# Router Lift



## mark10409 (Nov 21, 2017)

Hello,
This would be my first attempt at a router table. My first part of the table would be the lift. The only reason I am taking a stab at making was the price of the lifts :surprise: I still have work on the lift, wooden clamps, band clamp. I will be adding a DC gear motor to drive the lift.


----------



## RainMan 2.0 (May 6, 2014)

Wow you’re off to a great start. Nice work Mark


----------



## kklowell (Dec 26, 2014)

Keep posting as you go on this...I want to see how it works out because I've thought of making one too.


----------



## mark10409 (Nov 21, 2017)

RainMan 2.0 said:


> Wow you’re off to a great start. Nice work Mark


thanks!

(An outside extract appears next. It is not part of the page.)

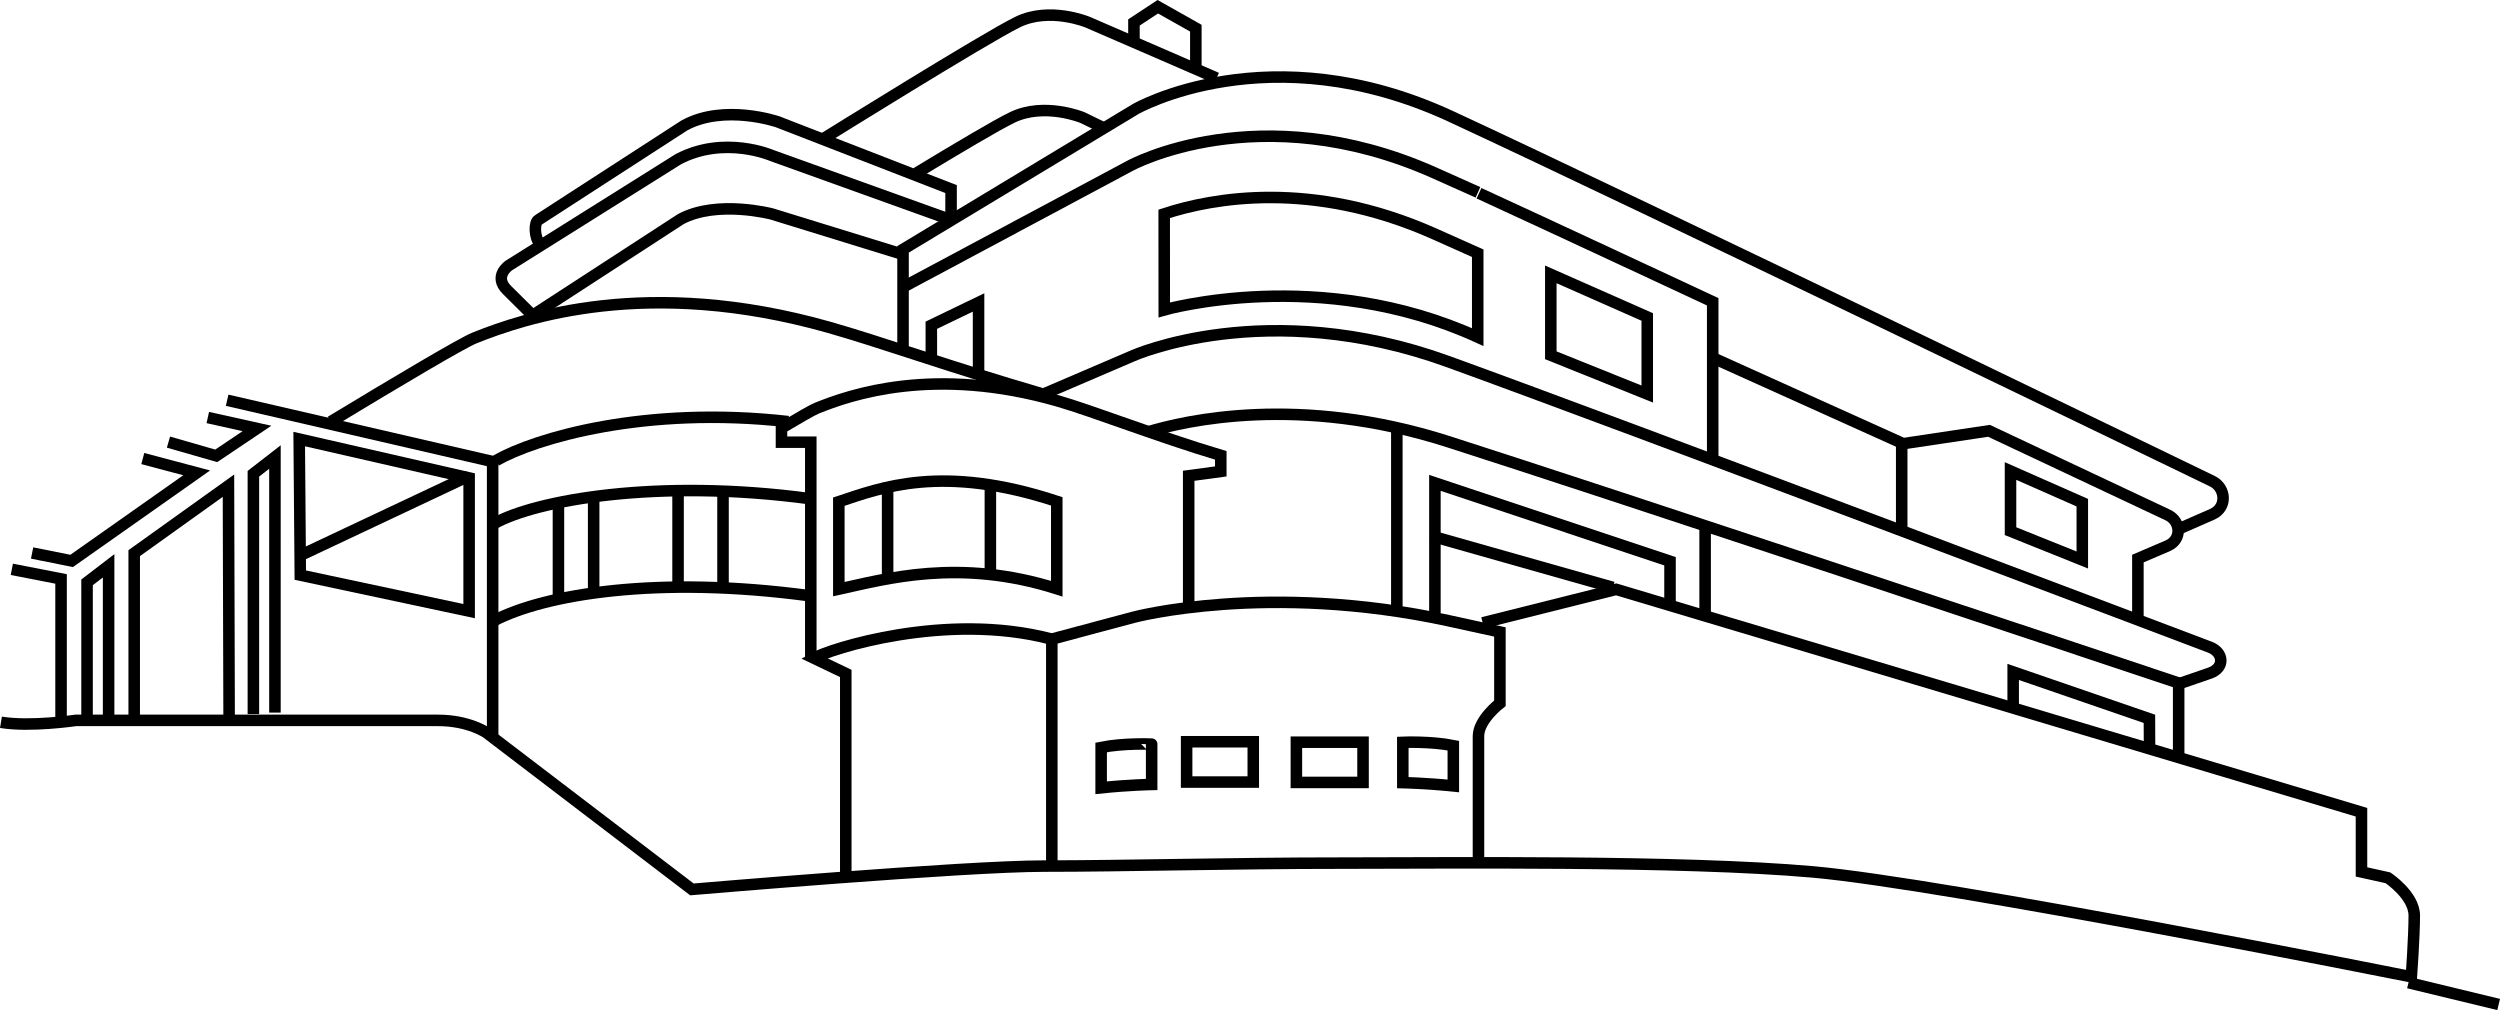 <svg enable-background="new 19.744 0 90 85" height="35.053" viewBox="19.744 0 86.755 35.053" width="86.755" xmlns="http://www.w3.org/2000/svg"><g fill="none" stroke="#000" stroke-width=".4"><path d="m103.323 34.101 3.129.757"/><g transform="translate(-1.838 -33.581)"><path d="m52.919 45.697v-3.463l8.072-4.87s4.641-2.657 10.932.253c6.291 2.914 26.438 12.666 26.438 12.666.457.227.521.9 0 1.14l-1.095.48"/><path d="m54.586 41.177v-1.034l-6.016-2.335s-1.849-.634-3.24.126l-5.06 3.274c-.171.085-.134.662.043.811"/><path d="m54.485 41.178-6.115-2.199s-1.64-.717-3.247.125l-5.886 3.692s-.542.374-.059.85c.481.479.938.931.938.931"/><path d="m38.678 59.229v-9.63l-9.214-2.129"/><path d="m52.958 43.524 7.841-4.192s4.469-2.453 10.529.234c.445.199.964.431 1.542.69"/><path d="m87.575 51.919v-2.934l3.029-.454 6.212 2.925c.438.21.498.835 0 1.061l-1.045.448v2.064"/><path d="m72.906 40.287c2.119.971 8.11 3.766 8.11 3.766v5.449"/><path d="m57.694 47.3 3.197-1.371s4.642-2.083 10.936.198c6.296 2.28 26.453 9.916 26.453 9.916.458.179.521.703 0 .893l-1.094.377v2.562"/><path d="m58.056 55.766 2.867-.766s4.635-1.239 10.916.119c.511.111 1.114.243 1.793.392v2.475s-.744.57-.744 1.14v4.372"/><path d="m87.562 48.948-6.464-2.914"/><path d="m61.407 48.573c1.293-.393 5.262-1.321 10.43.334 5.5 1.763 21.414 7.059 25.407 8.396"/><path d="m70.055 48.38v6.317"/><path d="m80.753 51.844v3.109"/><path d="m73.035 55.195 4.632-1.162 25.863 7.734v2.072l.917.203s.915.605.915 1.312c0 .709-.1 2.124-.1 2.124s-16.19-3.235-20.772-3.64c-4.583-.404-12.678-.305-16.393-.305-3.718 0-7.535.103-10.285.103-2.749 0-12.219.809-12.219.809l-7.126-5.436s-.613-.429-1.682-.429h-12.574s-1.578.235-2.596.066"/><path d="m49.718 56.392v-7.466h-1.017v-.489c.619-.367 1.069-.627 1.218-.688 1.17-.475 4.083-1.489 8.372-.254 1.202.345 3.477 1.238 5.655 1.888v.557l-1.114.151v4.463"/><path d="m50.932 63.996v-7.045l-1.106-.53c.545-.315 4.57-1.624 8.223-.668"/><path d="m50.691 54.026c1.61-.35 4.177-1.092 7.563-.015v-3.032c-3.991-1.313-6.104-.471-7.563.011z"/><path d="m58.082 55.664v7.95"/><path d="m49.7 50.888c-5.33-.719-9.534.061-10.958.855"/><path d="m37.84 50.104-5.872 2.768"/><path d="m48.936 48.212c-4.967-.563-8.785.577-10.14 1.35"/><path d="m31.965 48.817.038 4.722 5.859 1.249v-4.622z"/><path d="m38.74 55.112c1.73-.897 5.63-1.575 10.959-.854"/><path d="m33.061 48.213c2.382-1.44 4.56-2.734 4.992-2.906 1.717-.687 5.996-2.152 12.291-.369 1.768.5 4.174 1.368 7.372 2.301"/><path d="m30.375 58.361v-8.34l.748-.58v8.868"/><path d="m24.603 58.62v-4.831l.748-.573v5.354"/><path d="m26.239 58.595v-5.819l3.271-2.341.023 8.133"/><path d="m22.696 52.771 1.372.275 4.339-3.056-1.87-.497"/><path d="m21.992 53.338 1.709.333v4.924"/><path d="m28.793 48.07 1.707.379-1.415.951-1.657-.477"/><path d="m78.745 47.255-3.347-1.345v-2.808l3.347 1.479z"/><path d="m93.842 53.014-2.491-1v-2.088l2.491 1.099z"/><path d="m77.554 53.966-6.301-1.785"/><path d="m71.376 54.868v-4.53l8.159 2.72v1.444"/><path d="m91.443 58.133v-1.235l4.728 1.628.004.972"/><path d="m61.984 44.335s5.42-1.551 10.878.945v-2.912c-.574-.258-1.087-.488-1.53-.683-4.225-1.875-7.671-1.234-9.35-.683z"/><path d="m53.901 46.055v-1.188l1.639-.791v2.571"/><path d="m46.672 50.623v3.362"/><path d="m45.112 50.546v3.362"/><path d="m52.384 50.418v3.311"/><path d="m55.95 50.316v3.26"/><path d="m42.183 50.776v3.309"/><path d="m40.961 50.979v3.362"/><path d="m50.205 38.363s5.564-3.464 6.683-4.013c1.116-.55 2.437 0 2.437 0l4.476 1.941"/><path d="m53.38 39.59c1.387-.84 2.811-1.686 3.327-1.933 1.112-.54 2.429 0 2.429 0l.733.356"/><path d="m63.08 35.899v-1.34l-1.32-.744-.828.545v.695"/><path d="m52.853 42.391-4.491-1.386s-1.897-.497-3.158.181l-5.13 3.334"/><path d="m66.569 59.337h2.313v1.396h-2.313z"/><path d="m62.76 59.321h2.313v1.399h-2.313z"/><path d="m59.794 59.519v1.399c.95-.099 1.753-.115 1.753-.115v-1.399c0-.001-.973-.043-1.753.115z"/><path d="m72.015 59.456v1.398c-.949-.097-1.753-.114-1.753-.114v-1.399s.972-.042 1.753.115z"/></g></g></svg>

I will post more.


----------



## old55 (Aug 11, 2013)

Pulling back a chair to watch this one.


----------



## Cherryville Chuck (Sep 28, 2010)

I've seen several home made lifts from plywood lately and the owners said they worked well. Al B. Thayer had a version that would flip from vertical to horizontal and was selling plans for it for $10 I think on ebay.


----------



## hawkeye10 (Jul 28, 2015)

Thanks for joining, I think you will teach us a lot. :smile:


----------



## DaninVan (Jan 1, 2012)

Most definitely _not_ a newbie then!


----------



## ggom (Apr 5, 2017)

Hello!
Welcome!

Pretty Nice start Mark!
I' ll be happy follow this thread .

(I' d like to know about costs:
slide bars etc.)

Gérard


----------



## difalkner (Jan 3, 2012)

Welcome to the forum, Mark, and a great job at the router lift so far! Can't wait to see more.

David


----------



## mark10409 (Nov 21, 2017)

Thank you all for the complements! For this design I think I was very *lucky* the alignment for the rods and bearings was very close. As far as material purchased so far was:

Mcmaster-carr
6655K15 Thrust bearings 3ea
90977A170 Coupling nut 1ea
93250A268 S.S. Threaded rod
6384K23 Ball Bearings 3ea
6338K423 Sleeve bearings, 4ea, I decided against the flange and turned them down on a lathe later
6061K33 Linear shaft 2ea

Most of the wood was Baltic birch and some other I had laying around.

Thank you!
Mark


----------



## AshleyJ (Dec 1, 2017)

Thank you for providing detailed parts with sources and part numbers. I appreciate that! And I may use one of those pieces in another context.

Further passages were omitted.